▶ DATA TO EXAMINE:
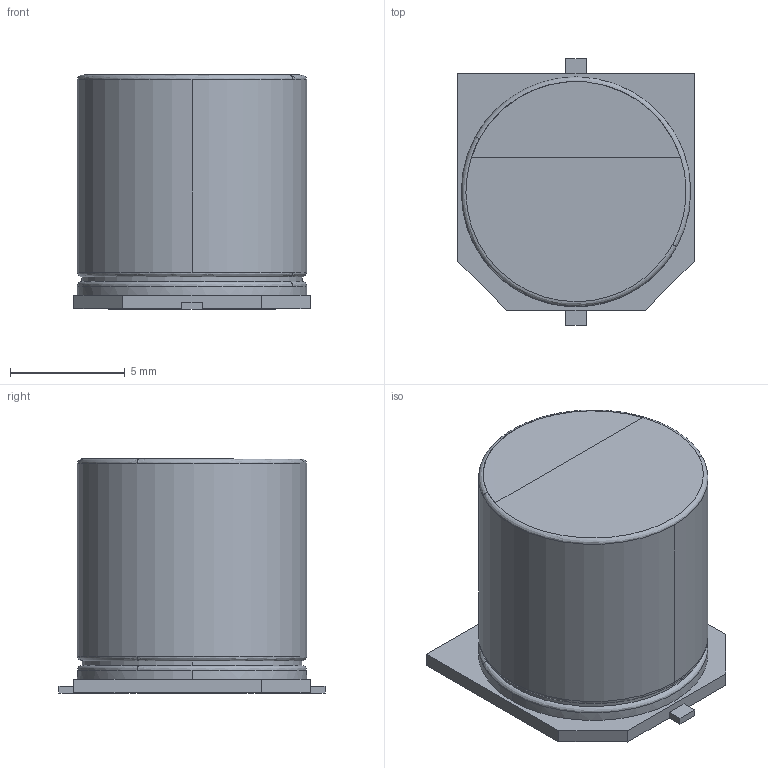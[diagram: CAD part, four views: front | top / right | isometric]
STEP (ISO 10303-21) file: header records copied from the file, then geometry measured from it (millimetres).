
FILE_DESCRIPTION (( 'STEP AP214' ), '1' );
FILE_NAME ('4E5D2C55-2B76-4A9E-8CE3-5DA769D003C0.STEP', '2008-01-23T01:22:15', ( 'sysAdmin' ), ( 'SolidWorks' ), 'SwSTEP 2.0', 'SolidWorks 2008', '' );
FILE_SCHEMA (( 'AUTOMOTIVE_DESIGN' ));
Length unit declared in the file: millimetre
Products named in the file (1): 4E5D2C55-2B76-4A9E-8CE3-5DA769D003C0
Bounding box: 10.3 x 11.6 x 10.21 mm (x, y, z)
Volume: 813.5 mm3; surface area: 535.2 mm2
Topology: 1 solids, 1 shells, 33 faces, 92 edges, 62 vertices
Faces by surface type: plane 20, cylinder 7, bspline 6
Entity records: 1712 total; most frequent: CARTESIAN_POINT 511, ORIENTED_EDGE 184, DIRECTION 160, EDGE_CURVE 92, VERTEX_POINT 62, AXIS2_PLACEMENT_3D 54, VECTOR 52, LINE 52
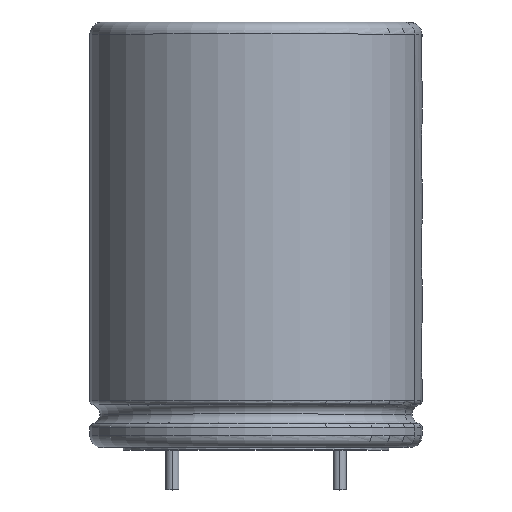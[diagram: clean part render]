
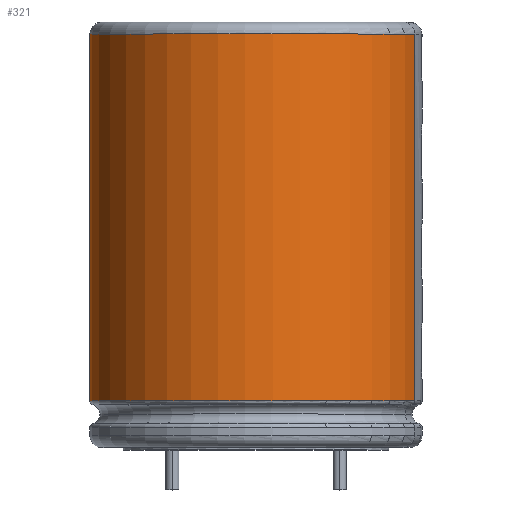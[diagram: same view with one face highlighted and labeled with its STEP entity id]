
A CAD part, top view. The second image highlights one B-rep face of the part: STEP entity #321.
In plain terms, the highlighted cylindrical face has radius 12.5 mm (diameter 25 mm), a partial arc.
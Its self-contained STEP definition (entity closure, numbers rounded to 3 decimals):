
#2 = EDGE_CURVE ( 'NONE', #20, #103, #2111, .T. ) ;
#5 = EDGE_CURVE ( 'NONE', #1831, #103, #143, .T. ) ;
#20 = VERTEX_POINT ( 'NONE', #909 ) ;
#103 = VERTEX_POINT ( 'NONE', #1514 ) ;
#128 = DIRECTION ( 'NONE',  ( -1., 0., 0. ) ) ;
#143 = CIRCLE ( 'NONE', #702, 12.5 ) ;
#165 = DIRECTION ( 'NONE',  ( 0., -1., 0. ) ) ;
#217 = CARTESIAN_POINT ( 'NONE',  ( 11.954, 32.2, 3.654 ) ) ;
#300 = AXIS2_PLACEMENT_3D ( 'NONE', #1995, #1063, #128 ) ;
#321 = ADVANCED_FACE ( 'NONE', ( #1913 ), #850, .T. ) ;
#334 = ORIENTED_EDGE ( 'NONE', *, *, #679, .F. ) ;
#436 = VERTEX_POINT ( 'NONE', #1786 ) ;
#467 = ORIENTED_EDGE ( 'NONE', *, *, #2253, .F. ) ;
#569 = CARTESIAN_POINT ( 'NONE',  ( 0., 3.706, 0. ) ) ;
#577 = DIRECTION ( 'NONE',  ( 0., 1., 0. ) ) ;
#679 = EDGE_CURVE ( 'NONE', #1831, #436, #2255, .T. ) ;
#702 = AXIS2_PLACEMENT_3D ( 'NONE', #569, #1901, #1164 ) ;
#744 = CARTESIAN_POINT ( 'NONE',  ( -12.5, 32.2, 0. ) ) ;
#850 = CYLINDRICAL_SURFACE ( 'NONE', #1994, 12.5 ) ;
#909 = CARTESIAN_POINT ( 'NONE',  ( 11.954, 31.3, 3.654 ) ) ;
#915 = CARTESIAN_POINT ( 'NONE',  ( -12.5, 3.706, 0. ) ) ;
#921 = EDGE_LOOP ( 'NONE', ( #334, #2408, #2002, #467 ) ) ;
#972 = DIRECTION ( 'NONE',  ( -1., 0., 0. ) ) ;
#1063 = DIRECTION ( 'NONE',  ( 0., 1., 0. ) ) ;
#1154 = VECTOR ( 'NONE', #165, 1000. ) ;
#1164 = DIRECTION ( 'NONE',  ( -1., 0., 0. ) ) ;
#1514 = CARTESIAN_POINT ( 'NONE',  ( 11.954, 3.706, 3.654 ) ) ;
#1689 = DIRECTION ( 'NONE',  ( 0., 1., 0. ) ) ;
#1771 = VECTOR ( 'NONE', #1689, 1000. ) ;
#1786 = CARTESIAN_POINT ( 'NONE',  ( -12.5, 31.3, 0. ) ) ;
#1831 = VERTEX_POINT ( 'NONE', #915 ) ;
#1901 = DIRECTION ( 'NONE',  ( 0., 1., 0. ) ) ;
#1913 = FACE_OUTER_BOUND ( 'NONE', #921, .T. ) ;
#1994 = AXIS2_PLACEMENT_3D ( 'NONE', #2101, #577, #972 ) ;
#1995 = CARTESIAN_POINT ( 'NONE',  ( 0., 31.3, 0. ) ) ;
#2002 = ORIENTED_EDGE ( 'NONE', *, *, #2, .F. ) ;
#2101 = CARTESIAN_POINT ( 'NONE',  ( 0., 32.2, 0. ) ) ;
#2111 = LINE ( 'NONE', #217, #1154 ) ;
#2140 = CIRCLE ( 'NONE', #300, 12.5 ) ;
#2253 = EDGE_CURVE ( 'NONE', #436, #20, #2140, .T. ) ;
#2255 = LINE ( 'NONE', #744, #1771 ) ;
#2408 = ORIENTED_EDGE ( 'NONE', *, *, #5, .T. ) ;

▶ AIM OF THE TASK:
Leave the images aside and return the records above exactly as written.

▶ TASK OUTPUT:
[diagram: CAD part, four views: front | top / right | isometric]
STEP (ISO 10303-21) file: header records copied from the file, then geometry measured from it (millimetres).
FILE_DESCRIPTION (( 'STEP AP214' ), '1' );
FILE_NAME ('4E5D2C55-2B76-4A9E-8CE3-5DA769D003C0.STEP', '2008-01-23T01:22:15', ( 'sysAdmin' ), ( 'SolidWorks' ), 'SwSTEP 2.0', 'SolidWorks 2008', '' );
FILE_SCHEMA (( 'AUTOMOTIVE_DESIGN' ));
Length unit declared in the file: millimetre
Products named in the file (1): 4E5D2C55-2B76-4A9E-8CE3-5DA769D003C0
Bounding box: 10.3 x 11.6 x 10.21 mm (x, y, z)
Volume: 813.5 mm3; surface area: 535.2 mm2
Topology: 1 solids, 1 shells, 33 faces, 92 edges, 62 vertices
Faces by surface type: plane 20, cylinder 7, bspline 6
Entity records: 1712 total; most frequent: CARTESIAN_POINT 511, ORIENTED_EDGE 184, DIRECTION 160, EDGE_CURVE 92, VERTEX_POINT 62, AXIS2_PLACEMENT_3D 54, VECTOR 52, LINE 52
[diagram: clean part render]
[diagram: same view with one face highlighted and labeled with its STEP entity id]
A CAD part, top view. The second image highlights one B-rep face of the part: STEP entity #321.
In plain terms, the highlighted cylindrical face has radius 12.5 mm (diameter 25 mm), a partial arc.
Its self-contained STEP definition (entity closure, numbers rounded to 3 decimals):
#2 = EDGE_CURVE ( 'NONE', #20, #103, #2111, .T. ) ;
#5 = EDGE_CURVE ( 'NONE', #1831, #103, #143, .T. ) ;
#20 = VERTEX_POINT ( 'NONE', #909 ) ;
#103 = VERTEX_POINT ( 'NONE', #1514 ) ;
#128 = DIRECTION ( 'NONE',  ( -1., 0., 0. ) ) ;
#143 = CIRCLE ( 'NONE', #702, 12.5 ) ;
#165 = DIRECTION ( 'NONE',  ( 0., -1., 0. ) ) ;
#217 = CARTESIAN_POINT ( 'NONE',  ( 11.954, 32.2, 3.654 ) ) ;
#300 = AXIS2_PLACEMENT_3D ( 'NONE', #1995, #1063, #128 ) ;
#321 = ADVANCED_FACE ( 'NONE', ( #1913 ), #850, .T. ) ;
#334 = ORIENTED_EDGE ( 'NONE', *, *, #679, .F. ) ;
#436 = VERTEX_POINT ( 'NONE', #1786 ) ;
#467 = ORIENTED_EDGE ( 'NONE', *, *, #2253, .F. ) ;
#569 = CARTESIAN_POINT ( 'NONE',  ( 0., 3.706, 0. ) ) ;
#577 = DIRECTION ( 'NONE',  ( 0., 1., 0. ) ) ;
#679 = EDGE_CURVE ( 'NONE', #1831, #436, #2255, .T. ) ;
#702 = AXIS2_PLACEMENT_3D ( 'NONE', #569, #1901, #1164 ) ;
#744 = CARTESIAN_POINT ( 'NONE',  ( -12.5, 32.2, 0. ) ) ;
#850 = CYLINDRICAL_SURFACE ( 'NONE', #1994, 12.5 ) ;
#909 = CARTESIAN_POINT ( 'NONE',  ( 11.954, 31.3, 3.654 ) ) ;
#915 = CARTESIAN_POINT ( 'NONE',  ( -12.5, 3.706, 0. ) ) ;
#921 = EDGE_LOOP ( 'NONE', ( #334, #2408, #2002, #467 ) ) ;
#972 = DIRECTION ( 'NONE',  ( -1., 0., 0. ) ) ;
#1063 = DIRECTION ( 'NONE',  ( 0., 1., 0. ) ) ;
#1154 = VECTOR ( 'NONE', #165, 1000. ) ;
#1164 = DIRECTION ( 'NONE',  ( -1., 0., 0. ) ) ;
#1514 = CARTESIAN_POINT ( 'NONE',  ( 11.954, 3.706, 3.654 ) ) ;
#1689 = DIRECTION ( 'NONE',  ( 0., 1., 0. ) ) ;
#1771 = VECTOR ( 'NONE', #1689, 1000. ) ;
#1786 = CARTESIAN_POINT ( 'NONE',  ( -12.5, 31.3, 0. ) ) ;
#1831 = VERTEX_POINT ( 'NONE', #915 ) ;
#1901 = DIRECTION ( 'NONE',  ( 0., 1., 0. ) ) ;
#1913 = FACE_OUTER_BOUND ( 'NONE', #921, .T. ) ;
#1994 = AXIS2_PLACEMENT_3D ( 'NONE', #2101, #577, #972 ) ;
#1995 = CARTESIAN_POINT ( 'NONE',  ( 0., 31.3, 0. ) ) ;
#2002 = ORIENTED_EDGE ( 'NONE', *, *, #2, .F. ) ;
#2101 = CARTESIAN_POINT ( 'NONE',  ( 0., 32.2, 0. ) ) ;
#2111 = LINE ( 'NONE', #217, #1154 ) ;
#2140 = CIRCLE ( 'NONE', #300, 12.5 ) ;
#2253 = EDGE_CURVE ( 'NONE', #436, #20, #2140, .T. ) ;
#2255 = LINE ( 'NONE', #744, #1771 ) ;
#2408 = ORIENTED_EDGE ( 'NONE', *, *, #5, .T. ) ;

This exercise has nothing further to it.